The fact that the return to a cabinet formation anchored in the Reichstag since the elections of July 1932 also had to mean the participation in government of the strongly growing NSDAP created a paradoxical situation that in the short term could probably only have been resolved by a coup d’etat. Reich President Hindenburg, who was oriented toward national consensus, shied away from this step – and in January 1933, by formally orienting the formation of the government to the customs of the parliamentary system, he finally handed over the Weimar state to its fiercest enemies.

Comparative Perspectives

The fragility and crisis of Weimar democracy was not a special case, but to a certain extent European, even worldwide normality of the interwar period. A tendency toward authoritarianism can also be observed in many democratic states of this era, with governments gaining power over parliaments.

The historical comparison, which is increasingly practiced in the meantime, must, however, pay close attention to the respective national specifics. Superficially similar phenomena often conceal phenomena that are to be evaluated differently. For example, the equally frequent change of governments in the Third French Republic had a less serious dimension than in the Weimar Republic.
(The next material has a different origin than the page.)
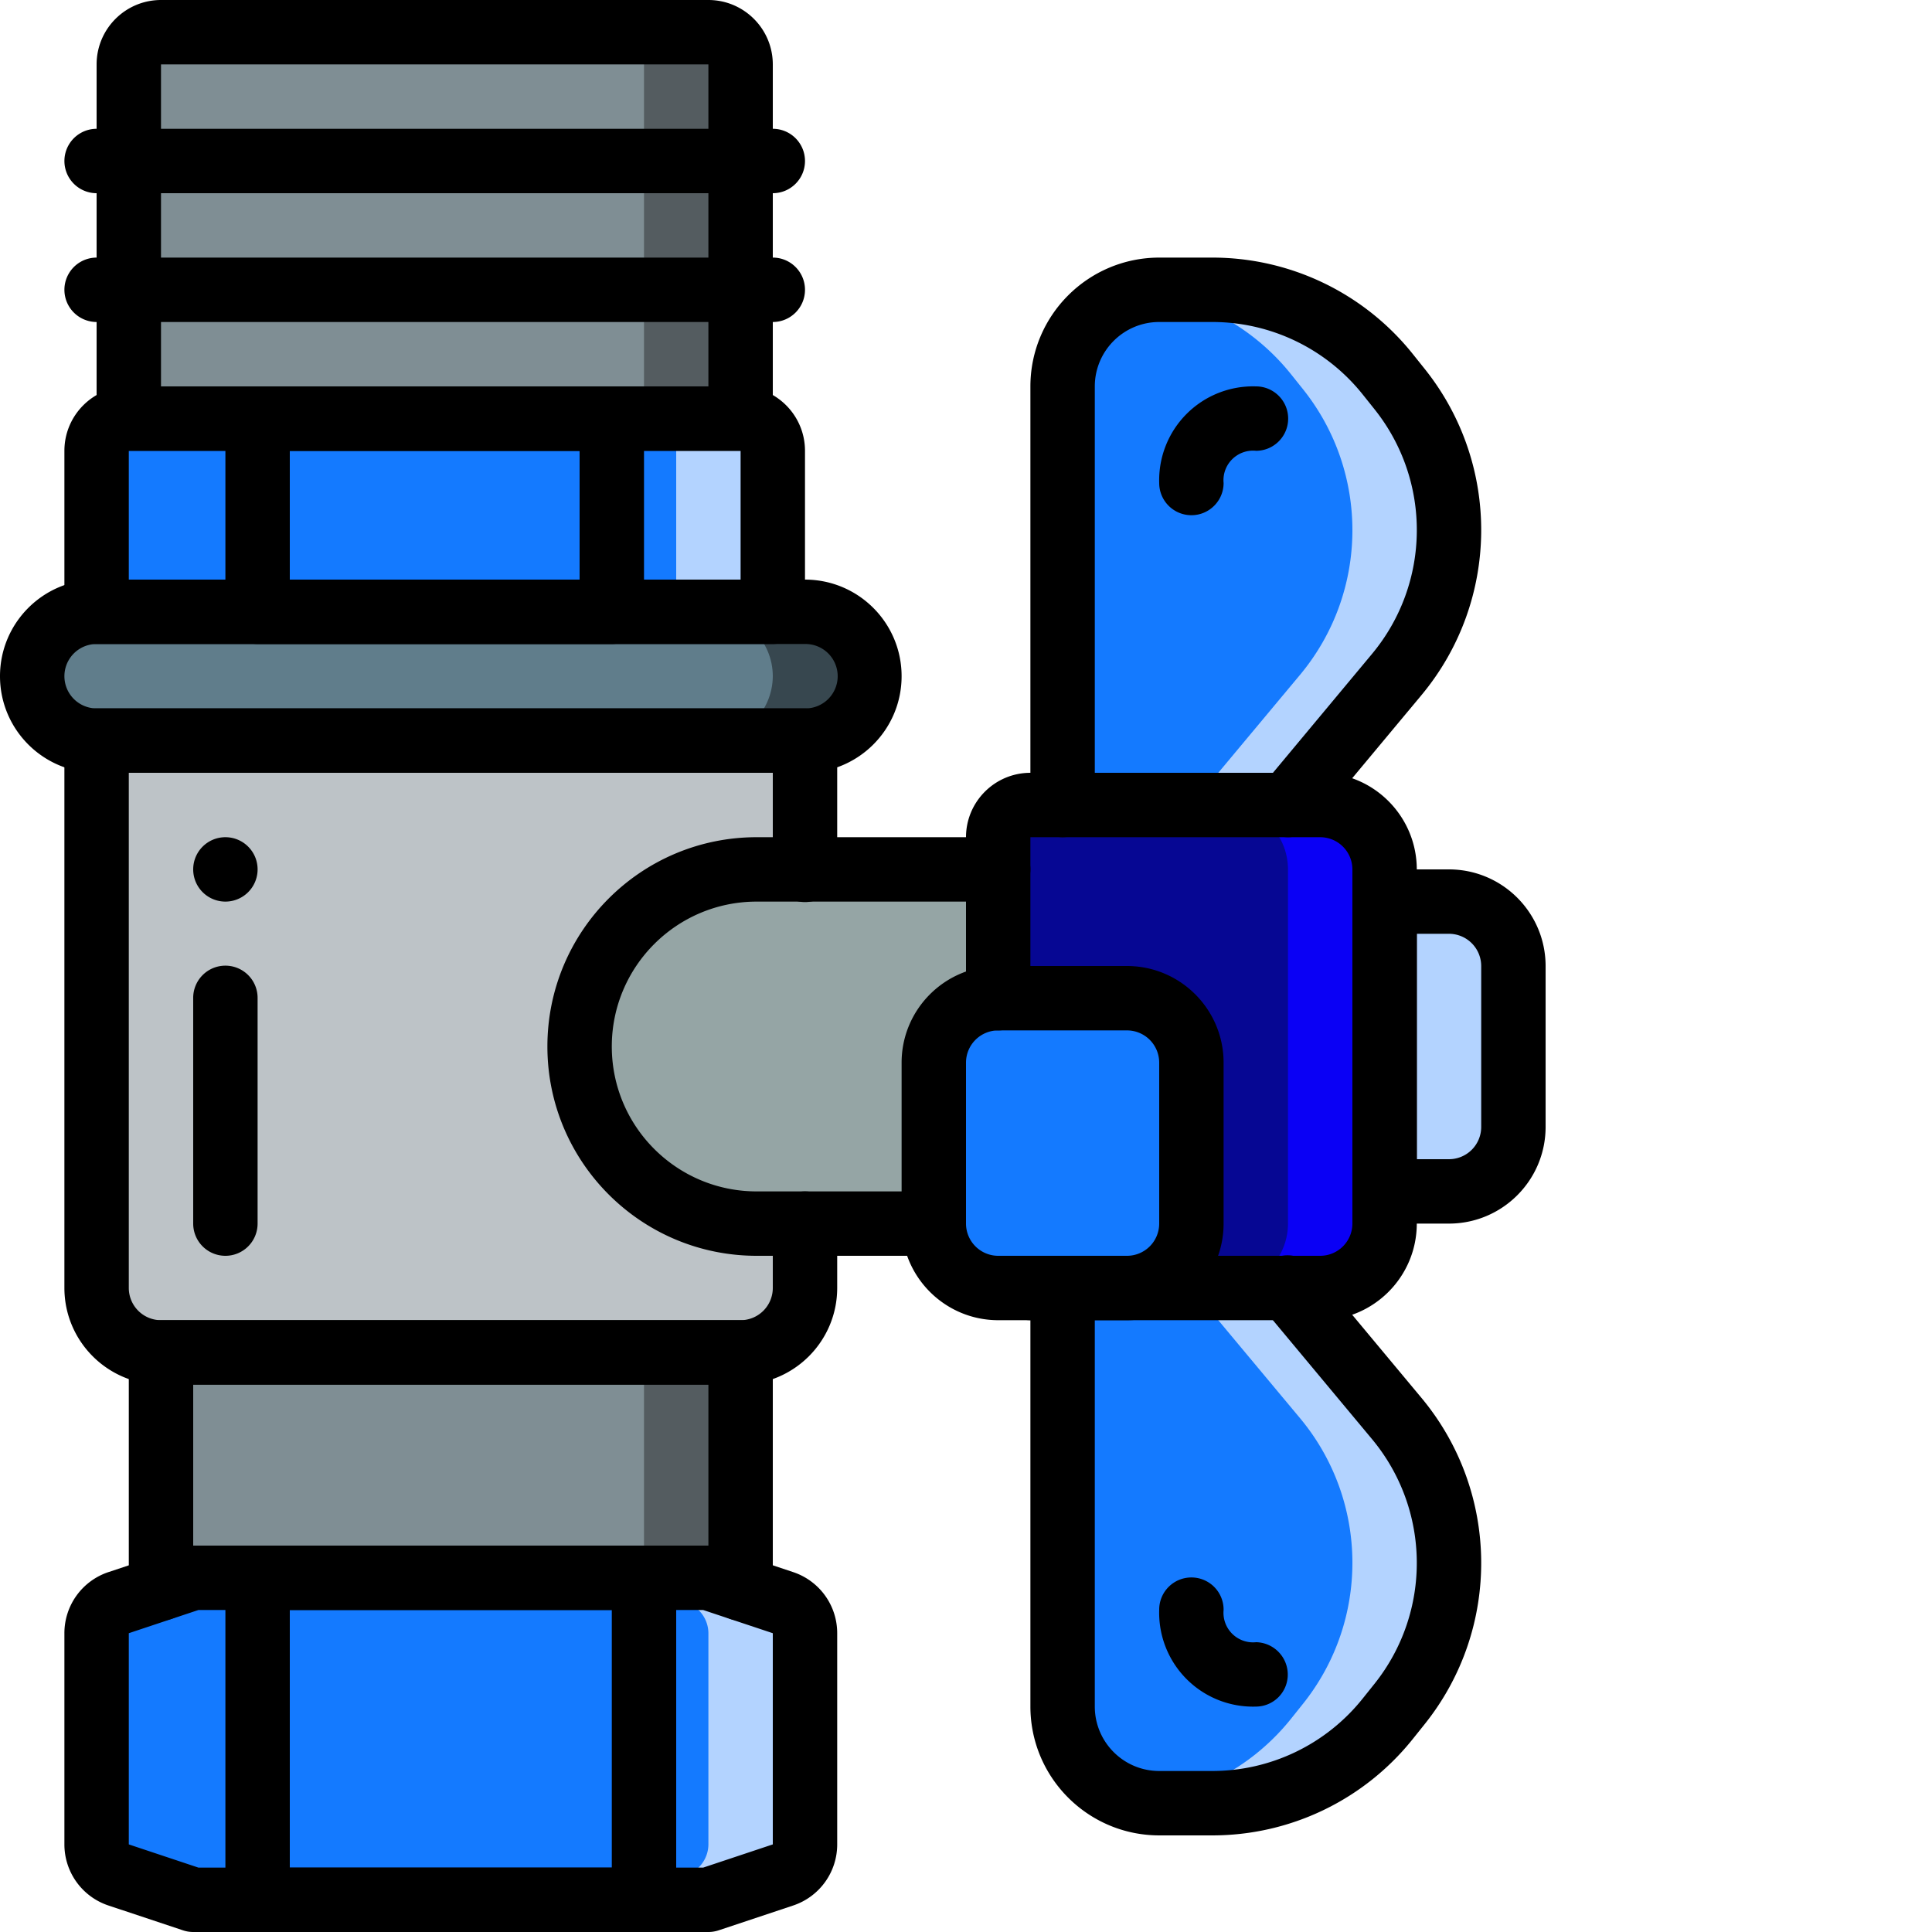 <svg xmlns="http://www.w3.org/2000/svg" version="1.1" xmlns:xlink="http://www.w3.org/1999/xlink" xmlns:svgjs="http://svgjs.com/svgjs" width="512" height="512" x="0" y="0" viewBox="0 0 512 512" style="enable-background:new 0 0 512 512" xml:space="preserve" class=""><g><path fill="#545c60" d="M196.266 17.066V128H34.133V17.066a8.558 8.558 0 0 1 8.535-8.53h145.066a8.552 8.552 0 0 1 8.532 8.53zm0 0" data-original="#545c60"></path><path fill="#7f8e94" d="M170.668 17.066V128H34.133V17.066a8.558 8.558 0 0 1 8.535-8.53h119.465a8.558 8.558 0 0 1 8.535 8.53zm0 0" data-original="#7f8e94"></path><path fill="#545c60" d="M42.668 335.617h153.598v108.117H42.668zm0 0" data-original="#545c60"></path><path fill="#7f8e94" d="M42.668 335.617h128v108.117h-128zm0 0" data-original="#7f8e94"></path><path fill="#bdc3c7" d="M213.332 230.398v-42.664H25.602v153.598c0 9.426 7.64 17.066 17.066 17.066h153.598c9.425 0 17.066-7.64 17.066-17.066v-17.066" data-original="#bdc3c7" class=""></path><path fill="#37474f" d="M230.398 179.2c-.066 9.398-7.668 17-17.066 17.066H25.602c-9.414-.028-17.04-7.653-17.067-17.067.067-9.398 7.668-16.996 17.067-17.066h187.73c9.414.027 17.04 7.652 17.066 17.066zm0 0" data-original="#37474f" class=""></path><path fill="#607d8b" d="M204.8 179.2c-.07 9.398-7.671 17-17.066 17.066H25.602c-9.414-.028-17.04-7.653-17.067-17.067.067-9.398 7.668-16.996 17.067-17.066h162.132c9.414.027 17.04 7.652 17.067 17.066zm0 0" data-original="#607d8b" class=""></path><path fill="#b3d3ff" d="M204.8 119.465v42.668H25.603v-42.668a8.552 8.552 0 0 1 8.53-8.531h162.134a8.558 8.558 0 0 1 8.535 8.53zm0 0" data-original="#fec108" class="" opacity="1"></path><path fill="#147aff" d="M179.2 119.465v42.668H25.601v-42.668a8.552 8.552 0 0 1 8.53-8.531h136.536a8.552 8.552 0 0 1 8.531 8.53zm0 0" data-original="#ffdc00" class="" opacity="1"></path><path fill="#147aff" d="M68.266 110.934h93.867v51.199H68.266zm0 0" data-original="#ffeb3a" class="" opacity="1"></path><path fill="#b3d3ff" d="M213.332 432.813v55.976a8.644 8.644 0 0 1-5.8 8.106l-19.798 6.57H51.2l-19.797-6.57a8.644 8.644 0 0 1-5.8-8.106v-55.976a8.645 8.645 0 0 1 5.8-8.11l19.797-6.57h136.535l19.797 6.57a8.645 8.645 0 0 1 5.801 8.11zm0 0" data-original="#fec108" class="" opacity="1"></path><path fill="#147aff" d="M187.734 432.813v55.976a8.653 8.653 0 0 1-5.804 8.106l-19.797 6.57H51.199l-19.797-6.57a8.644 8.644 0 0 1-5.8-8.106v-55.976a8.645 8.645 0 0 1 5.8-8.11l19.797-6.57h110.934l19.797 6.57a8.654 8.654 0 0 1 5.804 8.11zm0 0" data-original="#ffdc00" class="" opacity="1"></path><path fill="#147aff" d="M68.266 418.133h102.402v85.332H68.266zm0 0" data-original="#ffeb3a" class="" opacity="1"></path><path fill="#95a5a5" d="M281.602 324.266h-81.067c-25.922 0-46.933-21.012-46.933-46.934 0-25.918 21.011-46.934 46.933-46.934h81.067zm0 0" data-original="#95a5a5" class=""></path><path fill="#b3d3ff" d="M358.398 238.934H384c9.426 0 17.066 7.64 17.066 17.066v42.668c0 9.426-7.64 17.066-17.066 17.066h-25.602zm0 0" data-original="#fec108" class="" opacity="1"></path><path fill="#b3d3ff" d="M370.176 375.895c18.172 21.867 18.457 53.5.683 75.69l-3.074 3.84a59.815 59.815 0 0 1-46.676 22.442H307.2a25.637 25.637 0 0 1-4.437-.426c-12.242-2.117-21.18-12.75-21.16-25.175V102.398c-.02-12.425 8.918-23.054 21.16-25.171a25.26 25.26 0 0 1 4.437-.426h13.91a59.803 59.803 0 0 1 46.676 22.441l3.074 3.84c17.774 22.191 17.489 53.824-.683 75.691l-28.844 34.559v128zm0 0" data-original="#fec108" class="" opacity="1"></path><path fill="#147aff" d="M344.574 375.895c18.176 21.867 18.461 53.5.684 75.69l-3.07 3.84a59.671 59.671 0 0 1-39.426 22.016c-12.242-2.117-21.18-12.75-21.16-25.175V102.398c-.02-12.425 8.918-23.054 21.16-25.171a59.656 59.656 0 0 1 39.425 22.015l3.07 3.84c17.778 22.191 17.493 53.824-.683 75.691l-28.84 34.559v128zm0 0" data-original="#ffdc00" class="" opacity="1"></path><path fill="#0a00f5" d="M366.934 230.398v93.868c-.028 9.414-7.653 17.039-17.067 17.066h-76.8l-8.532-76.797v-42.668a8.558 8.558 0 0 1 8.531-8.535h76.801c9.414.027 17.04 7.652 17.067 17.066zm0 0" data-original="#f57c00" class="" opacity="1"></path><path fill="#060793" d="M341.332 230.398v93.868c-.027 9.414-7.652 17.039-17.066 17.066h-51.2l-8.53-76.797v-42.668a8.558 8.558 0 0 1 8.53-8.535h51.2c9.414.027 17.039 7.652 17.066 17.066zm0 0" data-original="#ff9801" class="" opacity="1"></path><path fill="#147aff" d="M264.535 264.535h34.133c9.426 0 17.066 7.64 17.066 17.067v42.664c0 9.425-7.64 17.066-17.066 17.066h-34.133c-9.426 0-17.07-7.64-17.07-17.066v-42.664c0-9.426 7.644-17.067 17.07-17.067zm0 0" data-original="#fdd834" class="" opacity="1"></path><path fill="#147aff" d="M264.535 264.535h8.531c9.426 0 17.067 7.64 17.067 17.067v42.664c0 9.425-7.64 17.066-17.067 17.066h-8.53c-9.427 0-17.071-7.64-17.071-17.066v-42.664c0-9.426 7.644-17.067 17.07-17.067zm0 0" data-original="#ffeb3a" class="" opacity="1"></path><path d="M196.266 366.934H42.668c-14.133-.016-25.586-11.47-25.602-25.602V196.266c0-4.711 3.82-8.532 8.536-8.532h187.73a8.533 8.533 0 0 1 8.535 8.532v34.132a8.534 8.534 0 1 1-17.066 0v-25.597H34.133v136.531a8.549 8.549 0 0 0 8.535 8.535h153.598a8.549 8.549 0 0 0 8.535-8.535v-17.066c0-4.711 3.82-8.532 8.531-8.532a8.533 8.533 0 0 1 8.535 8.532v17.066c-.015 14.133-11.469 25.586-25.601 25.602zm0 0" fill="#000000" data-original="#000000" class=""></path><path d="M213.332 204.8H25.602C11.46 204.8 0 193.34 0 179.2c0-14.137 11.46-25.598 25.602-25.598h187.73c14.14 0 25.602 11.46 25.602 25.597 0 14.14-11.461 25.602-25.602 25.602zm-187.73-34.132a8.533 8.533 0 1 0 0 17.066h187.73a8.534 8.534 0 1 0 0-17.066zm0 0" fill="#000000" data-original="#000000" class=""></path><path d="M204.8 170.668H25.603a8.534 8.534 0 0 1-8.536-8.535v-42.668c.008-9.422 7.645-17.055 17.067-17.067h162.133c9.422.012 17.058 7.645 17.066 17.067v42.668a8.533 8.533 0 0 1-8.531 8.535zM34.134 153.602h162.133v-34.137H34.133zm0 0" fill="#000000" data-original="#000000" class=""></path><path d="M162.133 170.668H68.266a8.533 8.533 0 0 1-8.532-8.535v-51.2a8.533 8.533 0 0 1 8.532-8.535h93.867a8.534 8.534 0 0 1 8.535 8.536v51.199a8.534 8.534 0 0 1-8.535 8.535zM76.8 153.602h76.8v-34.137h-76.8zm0 0" fill="#000000" data-original="#000000" class=""></path><path d="M196.266 119.465H34.133a8.532 8.532 0 0 1-8.531-8.531V17.066C25.609 7.645 33.246.008 42.668 0h145.066c9.422.008 17.055 7.645 17.067 17.066v93.868c0 4.71-3.82 8.53-8.535 8.53zM42.668 102.398h145.066V17.066H42.668zM196.266 429.484a8.533 8.533 0 0 1-8.532-8.535v-54.015H51.2v54.015a8.533 8.533 0 1 1-17.066 0V358.4c0-4.712 3.82-8.532 8.535-8.532h153.598a8.533 8.533 0 0 1 8.535 8.531v62.551a8.534 8.534 0 0 1-8.535 8.535zm0 0" fill="#000000" data-original="#000000" class=""></path><path d="M187.734 512H51.2a8.566 8.566 0 0 1-2.699-.438l-19.766-6.585a17.056 17.056 0 0 1-11.668-16.192v-55.969a17.052 17.052 0 0 1 11.668-16.191l19.766-6.586a8.35 8.35 0 0 1 2.7-.437h136.534a8.35 8.35 0 0 1 2.7.437l19.765 6.586a17.052 17.052 0 0 1 11.668 16.191v55.97a17.056 17.056 0 0 1-11.668 16.19l-19.765 6.587a8.566 8.566 0 0 1-2.7.437zM52.582 494.934h133.77l18.449-6.149v-55.969l-18.45-6.148H52.583l-18.45 6.148v55.97zm0 0" fill="#000000" data-original="#000000" class=""></path><path d="M170.668 512H68.266a8.533 8.533 0 0 1-8.532-8.535v-85.332c0-4.711 3.82-8.531 8.532-8.531h102.402c4.71 0 8.531 3.82 8.531 8.53v85.333a8.533 8.533 0 0 1-8.531 8.535zm-93.867-17.066h85.332v-68.266H76.8zM247.465 332.8h-46.93c-30.637 0-55.469-24.835-55.469-55.468 0-30.633 24.832-55.465 55.47-55.465h64c4.71 0 8.53 3.82 8.53 8.531a8.533 8.533 0 0 1-8.53 8.536h-64c-21.212 0-38.403 17.191-38.403 38.398 0 21.211 17.191 38.402 38.402 38.402h46.93a8.533 8.533 0 1 1 0 17.067zm0 0" fill="#000000" data-original="#000000" class=""></path><path d="M349.867 349.867h-76.8a8.533 8.533 0 0 1-8.532-8.535c0-4.71 3.82-8.531 8.531-8.531h76.801a8.543 8.543 0 0 0 8.531-8.535v-93.868a8.54 8.54 0 0 0-8.53-8.53h-76.802v42.667a8.533 8.533 0 0 1-17.066 0v-42.668c.008-9.422 7.645-17.058 17.066-17.066h76.801c14.133.015 25.582 11.469 25.598 25.597v93.868c-.016 14.132-11.465 25.586-25.598 25.601zm0 0" fill="#000000" data-original="#000000" class=""></path><path d="M384 324.266h-17.066a8.533 8.533 0 0 1-8.536-8.532v-76.8a8.534 8.534 0 0 1 8.536-8.536H384c14.133.016 25.586 11.47 25.602 25.602v42.668c-.016 14.129-11.47 25.582-25.602 25.598zm-8.535-17.067H384a8.543 8.543 0 0 0 8.535-8.531V256a8.549 8.549 0 0 0-8.535-8.535h-8.535zM204.8 51.2H25.603a8.533 8.533 0 1 1 0-17.067H204.8c4.71 0 8.531 3.82 8.531 8.535 0 4.71-3.82 8.531-8.531 8.531zM204.8 85.332H25.603a8.533 8.533 0 1 1 0-17.066H204.8c4.71 0 8.531 3.82 8.531 8.535 0 4.71-3.82 8.531-8.531 8.531zM341.332 221.867a8.536 8.536 0 0 1-6.55-13.996l28.8-34.559c15.606-18.73 15.875-45.851.652-64.89l-3.066-3.84a51.025 51.025 0 0 0-40.05-19.25h-13.919c-9.422.012-17.054 7.645-17.066 17.066v110.934a8.533 8.533 0 1 1-17.067 0V102.398c.02-18.84 15.293-34.109 34.133-34.132h13.918a67.996 67.996 0 0 1 53.371 25.656l3.067 3.832c20.293 25.371 19.93 61.52-.867 86.48l-28.801 34.559a8.513 8.513 0 0 1-6.555 3.074zM321.117 486.398H307.2c-18.84-.02-34.113-15.289-34.133-34.132V341.332c0-4.71 3.82-8.531 8.536-8.531 4.71 0 8.53 3.82 8.53 8.531v110.934c.013 9.421 7.645 17.058 17.067 17.066h13.918a51.031 51.031 0 0 0 40.047-19.246l3.066-3.832c15.223-19.04 14.95-46.164-.652-64.895l-28.8-34.562a8.536 8.536 0 0 1-1.587-8.485 8.528 8.528 0 0 1 6.633-5.527 8.527 8.527 0 0 1 8.063 3.09l28.8 34.559c20.797 24.964 21.16 61.113.868 86.484l-3.067 3.828a67.993 67.993 0 0 1-53.37 25.652zm0 0" fill="#000000" data-original="#000000" class=""></path><path d="M298.668 349.867h-34.133c-14.133-.015-25.586-11.469-25.601-25.601v-42.664c.015-14.133 11.468-25.586 25.601-25.602h34.133c14.129.016 25.582 11.469 25.598 25.602v42.664c-.016 14.132-11.47 25.586-25.598 25.601zm-34.133-76.8a8.549 8.549 0 0 0-8.535 8.535v42.664a8.549 8.549 0 0 0 8.535 8.535h34.133a8.543 8.543 0 0 0 8.531-8.535v-42.664a8.543 8.543 0 0 0-8.531-8.536zM59.734 332.8a8.534 8.534 0 0 1-8.535-8.534v-59.73a8.534 8.534 0 1 1 17.067 0v59.73a8.533 8.533 0 0 1-8.532 8.535zM68.266 230.398a8.533 8.533 0 1 1-17.067 0c0-4.71 3.82-8.53 8.535-8.53 4.711 0 8.532 3.82 8.532 8.53zM315.734 136.535A8.536 8.536 0 0 1 307.2 128a24.881 24.881 0 0 1 25.602-25.602c4.71-.023 8.55 3.782 8.574 8.493s-3.777 8.55-8.488 8.574a7.848 7.848 0 0 0-6.332 2.226 7.827 7.827 0 0 0-2.29 6.309c0 4.71-3.82 8.535-8.53 8.535zM332.8 452.266a24.871 24.871 0 0 1-18.323-7.274 24.887 24.887 0 0 1-7.278-18.324 8.534 8.534 0 1 1 17.067 0 7.838 7.838 0 0 0 8.632 8.531 8.587 8.587 0 0 1 8.375 8.64 8.48 8.48 0 0 1-8.472 8.427zm0 0" fill="#000000" data-original="#000000" class=""></path></g></svg>

Due to a weak party system and a broad republican consensus, new governments were usually formed very quickly in France. Ministerial personnel often remained stable. Nor was the failure of a democracy and its replacement by an authoritarian regime a German peculiarity in the interwar period. Corresponding processes took place across Europe and worldwide, in 12 to 15 other states, depending on the criteria used for the count. Young parliamentary systems in Central, Eastern and Southern Europe were particularly affected. There was also a transnational dynamic – for example, in the exemplary effect of Italian fascism.

The failure of the Weimar Republic, however, is a special case with regard to its terrible consequences: the rise to power of the National Socialists. The analysis of this process, for which neither a straightforward German Sonderweg nor mere chance is responsible, remains a central task of contemporary historiography, especially also with regard to the classification and evaluation of Weimar problematic situations and crises. The comparison can make both transnational phenomena and national specifics stand out more clearly. The need for research in this area remains high.